Earlier, Chadwick had been convicted of murder and will be sentenced on Tuesday.

Chadwick had denied inflicting a violent attack on the youngster at their flat in Radcliffe, Greater Manchester, on October 16 last year while he was left home alone with her.

Emergency services were called when Ms Crilly and the defendant’s sister returned and discovered the toddler “floppy” and “white” in her pram.

During the trial, he changed his defence that Orianna had fallen down stairs and told the jury that Ms Crilly had kicked her daughter “flying” into a television stand and claimed she then made him take the blame.

His account was rejected unanimously by jurors.

In her evidence, Ms Crilly accepted she lied to social workers, a healthcare visitor, police officers and doctors about her relationship with Chadwick before Orianna’s death because she wanted the three of them to live together.

Her lies were now an “embarrassment” to her and she accepted, with hindsight, she should have listened to the advice.
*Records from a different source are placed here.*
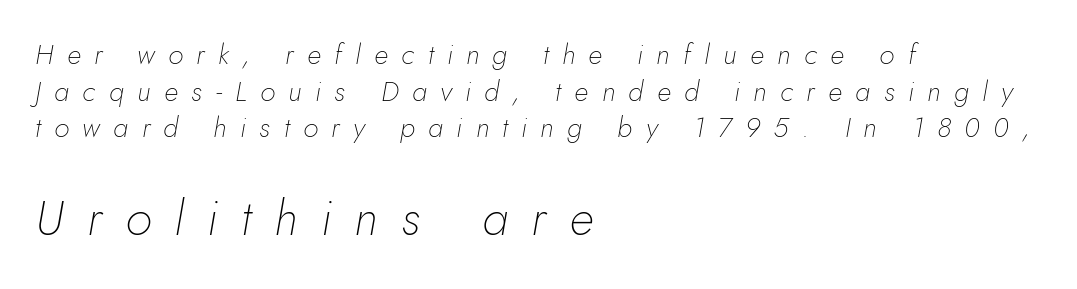
{"italic": "yes", "lean": "right", "slant_degrees": 10, "bold": "no", "weight": "thin", "width": "normal", "stroke_contrast": "low", "x_height": "small", "monospaced": "no", "underline": "no", "align": "left", "line_spacing": "normal", "line_spacing_ratio": 1.31, "letter_spacing": "wide", "letter_spacing_em": 0.48, "larger_block": "second", "size_ratio": 1.75, "glyph_px": 49}
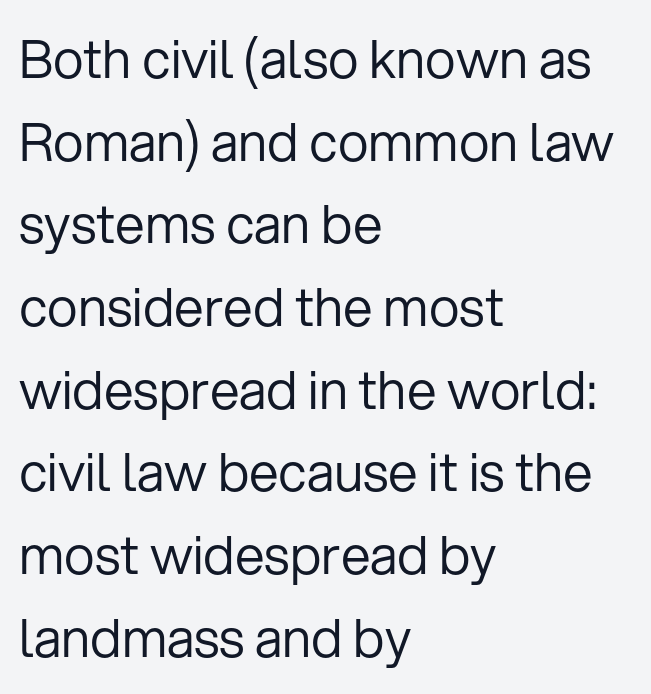
Quick note: underline off. The rendering uses natural spacing where letterforms have individual widths. Line beginnings align vertically; line endings do not. Font category for this specimen: sans-serif. Compared with typical body copy, the letter spacing here is the same.
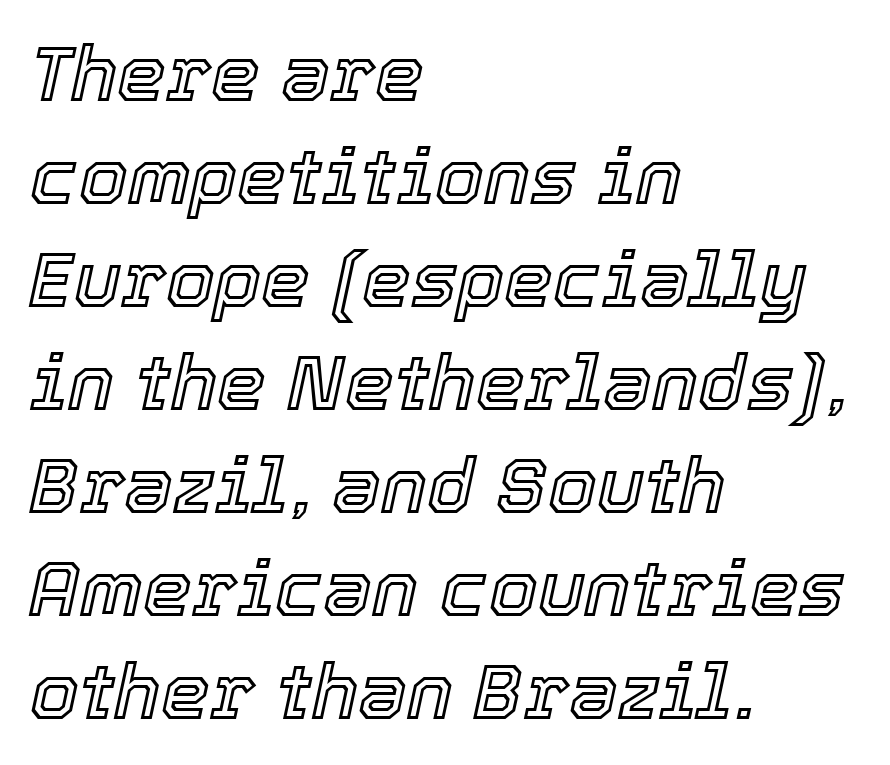
Where is the straight margin? On the left. Regular leading. The passage shown leans; its letterforms are oblique. The baseline area is clear. Do the characters align in a grid? No, the font is proportional.
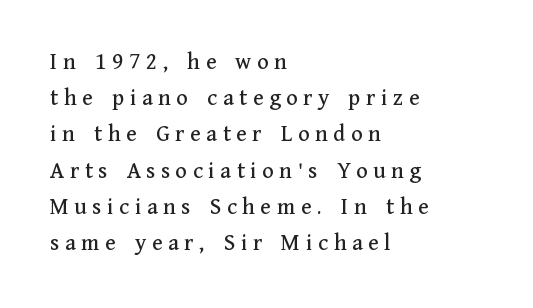
Layout note: lines flush left. What stands out about the letter spacing? Its width — letters are far apart. Leading matches the norm, producing a regular column. The space beneath each line is pristine and unruled. A roman cut, with each character standing at attention.
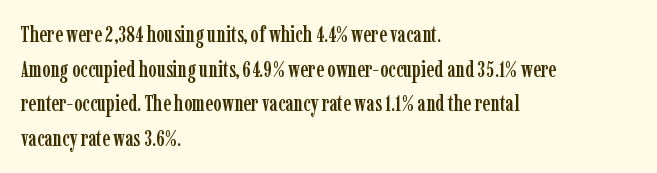
Q: Is the text italic (slanted)? A: No, it is upright.
Q: Is the text underlined? A: No.
Q: How is the paragraph aligned? A: Left-aligned.
Q: Is the spacing between letters normal or unusually wide? A: Normal.
Q: Is the spacing between lines tight, normal or loose? A: Normal.
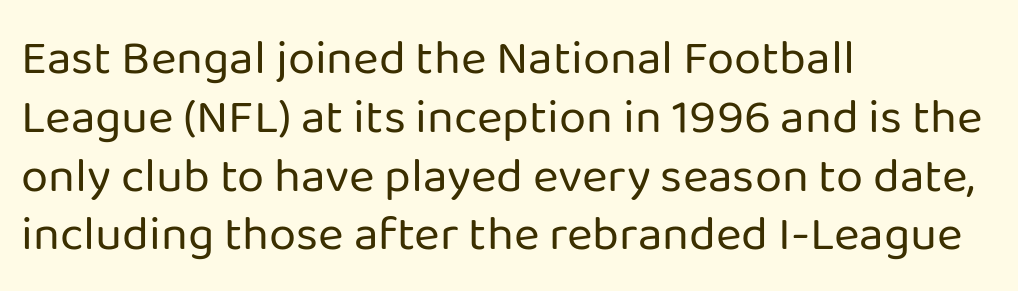
Each letter's strokes conclude bluntly, with no projecting serifs. This rendering leaves character spacing at its baseline value. You can tell it's not italic because the verticals are truly vertical. This sample is left-justified, so line endings fall wherever the words run out. Vertical stems look standard width or narrower in stroke.
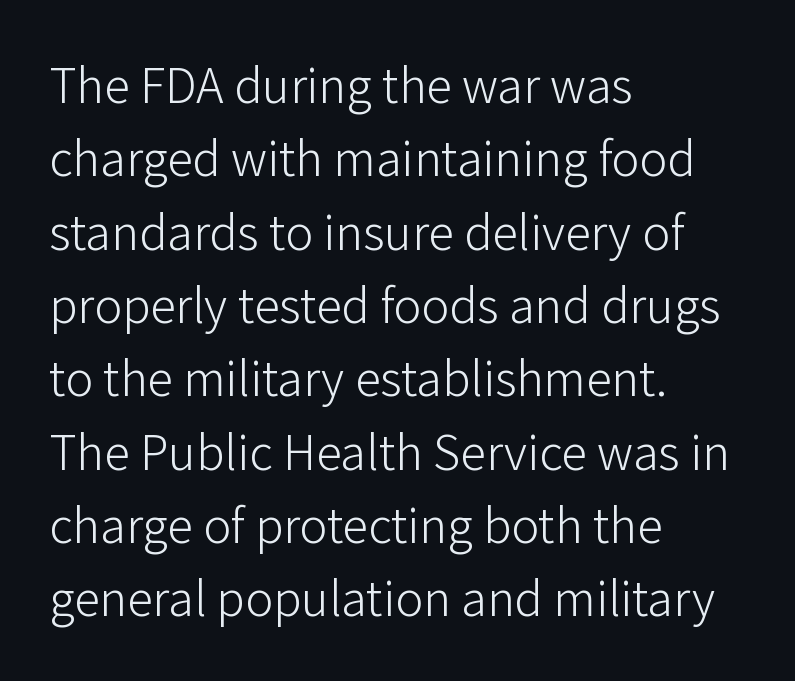
The font sits on the lighter half of the weight spectrum, regular included. Quick note: not italic, upright. Regarding serifs, this sample does without them. Each word holds together tightly as a unit, with standard inter-letter gaps. The foot of each line stays bare and open. The text block is weighted toward the left margin, trailing off unevenly rightward.
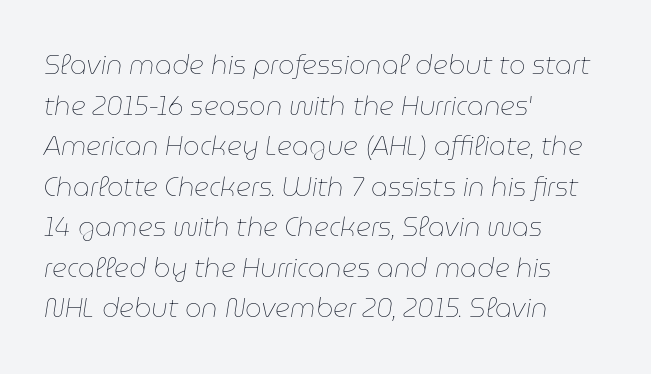
Tracking value appears to be zero — textbook default spacing. Does the copy run flush right? No — it runs flush left. Stems here are at most as thick as an everyday book face. Rendered with sloped, italic letterforms.
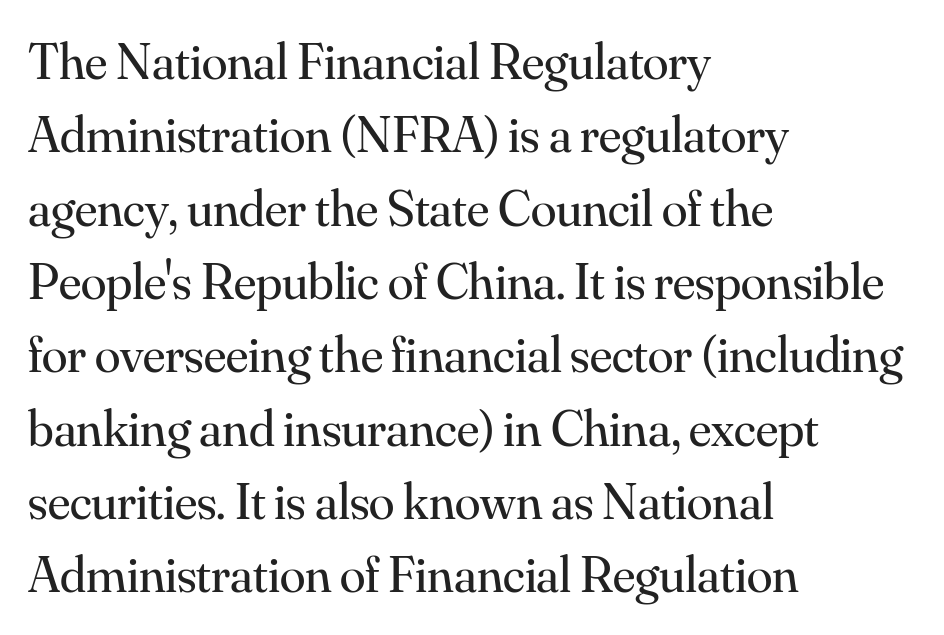
A typesetter would call this zero additional tracking. Check where the strokes stop: tiny serifs finish them off. Stroke mass is kept to a normal reading level or below. Note the varied advance widths — an 'i' is clearly narrower than an 'm'. Leftover space on each line is placed entirely after the last word.
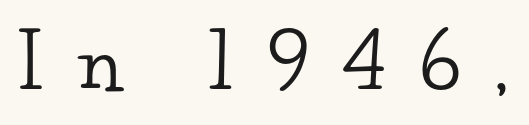
The image shows 74 px wide serif type, upright; set unusually wide letter spacing (+0.47 em), not underlined; low stroke contrast and a small x-height.
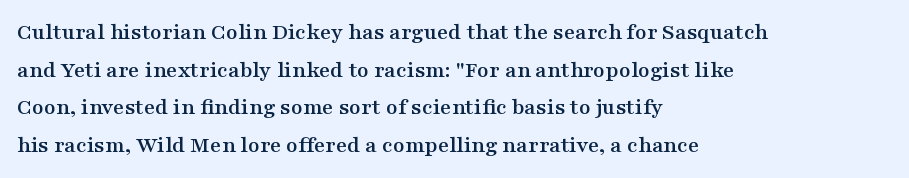
The image shows 24 px text type, upright; set left-aligned, normal line spacing (1.57x), normal letter spacing, not underlined.
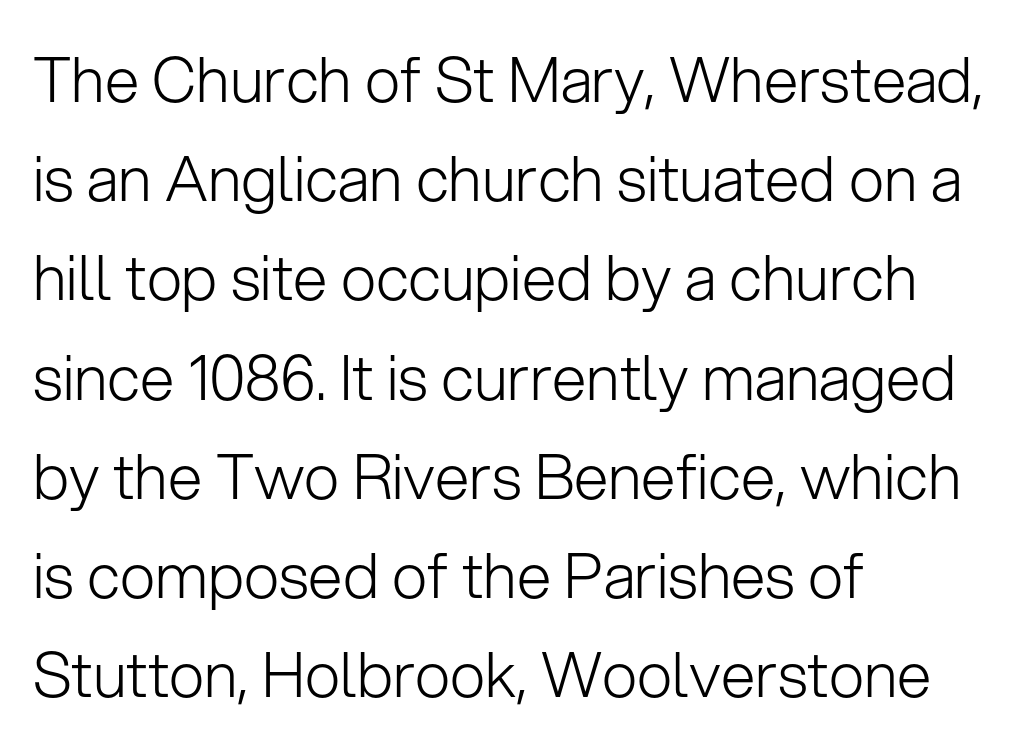
Q: Is the text bold? A: No.
Q: Is the text italic (slanted)? A: No, it is upright.
Q: Is the typeface a serif or a sans-serif typeface? A: Sans-serif.
Q: Is the text underlined? A: No.
Q: How is the paragraph aligned? A: Left-aligned.
Q: Is the spacing between letters normal or unusually wide? A: Normal.
Q: Is the spacing between lines tight, normal or loose? A: Normal.
Q: Width (condensed, normal, or wide)? A: Normal.
Q: Stroke contrast? A: Low.
Q: x-height? A: Medium.
Q: Monospaced? A: No.
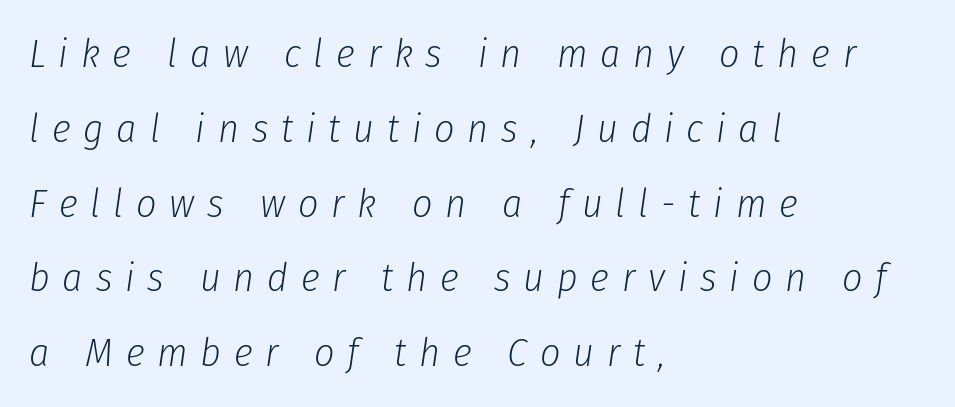
Q: Is the text bold? A: No.
Q: Is the text italic (slanted)? A: Yes, it leans right by about 8 degrees.
Q: Is the text underlined? A: No.
Q: How is the paragraph aligned? A: Left-aligned.
Q: Is the spacing between letters normal or unusually wide? A: Unusually wide.
Q: Width (condensed, normal, or wide)? A: Condensed.
Q: Stroke contrast? A: Low.
Q: x-height? A: Medium.
Q: Monospaced? A: No.
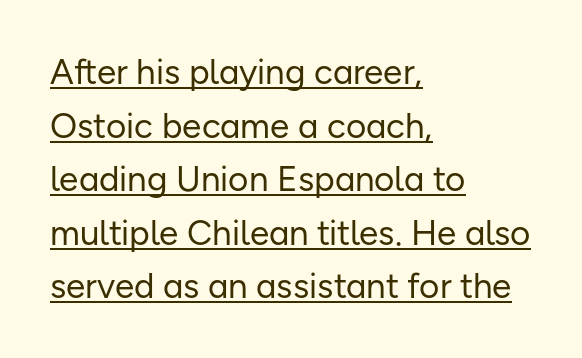
The image shows 35 px regular-weight sans-serif type, upright; set left-aligned, normal line spacing (1.53x), normal letter spacing, underlined; low stroke contrast and a medium x-height.
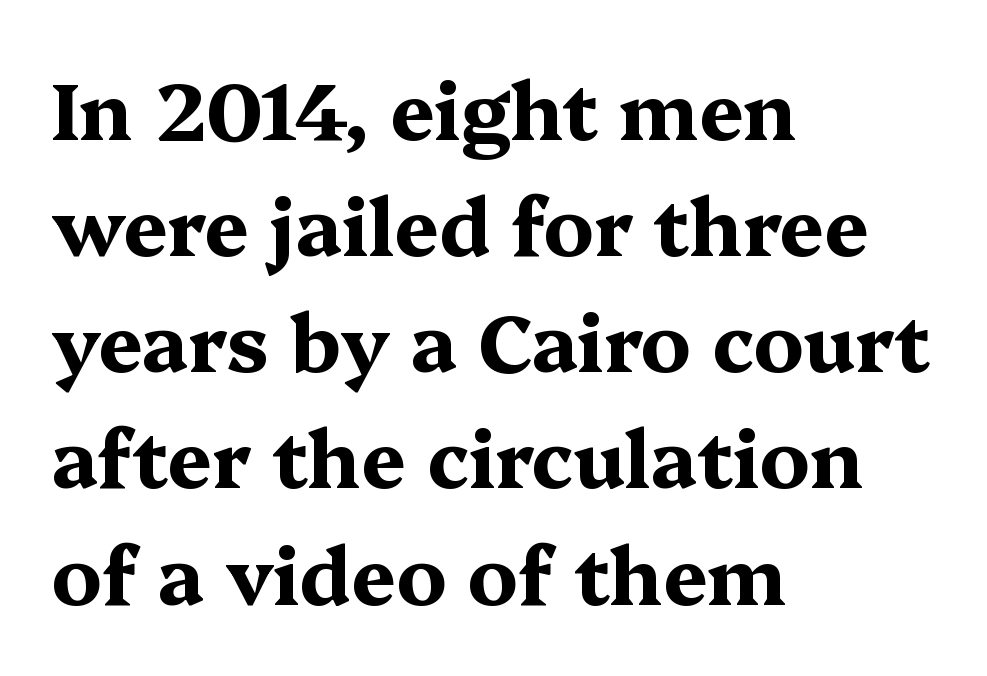
The image shows 79 px bold, wide serif type, upright; set left-aligned, normal line spacing (1.47x), normal letter spacing, not underlined; medium stroke contrast and a medium x-height.
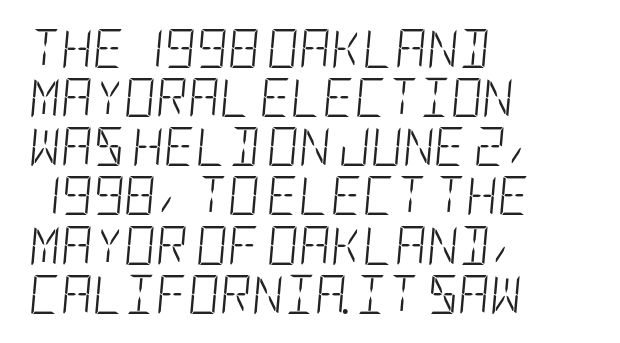
{"italic": "yes", "lean": "right", "slant_degrees": 5, "bold": "no", "weight": "light", "width": "condensed", "stroke_contrast": "low", "x_height": "large", "underline": "no", "align": "left", "line_spacing": "normal", "line_spacing_ratio": 1.26, "letter_spacing": "normal", "letter_spacing_em": 0.0, "glyph_px": 39}

From July 2018, Chadwick had been under investigation by both the police and social services in relation to injuries sustained by a separate child, referred to in court as Baby T, with a different mother.

At the time, the defendant was the partner of the child’s mother and was on occasion living with her under the same roof.

Chadwick denied any responsibility for those injuries and in December 2019 was informed the investigation had concluded and no further action was being taken against him or any other individual.

By early 2019, Chadwick and Ms Crilly were in a relationship and soon after various agencies became aware and were “accordingly concerned” about Orianna’s safety, said prosecutor Peter Wright QC.

Orianna’s injuries were said to be consistent with being picked up and swung against a very hard surface, stamped on or hit very hard with a blunt object.

Mr Wright said further examinations showed Orianna had also sustained serious non-accidental injuries to her spine and ribs on at least two separate occasions in the days leading up to her death in hospital on October 17 and she “must have been in obvious distress when handled”.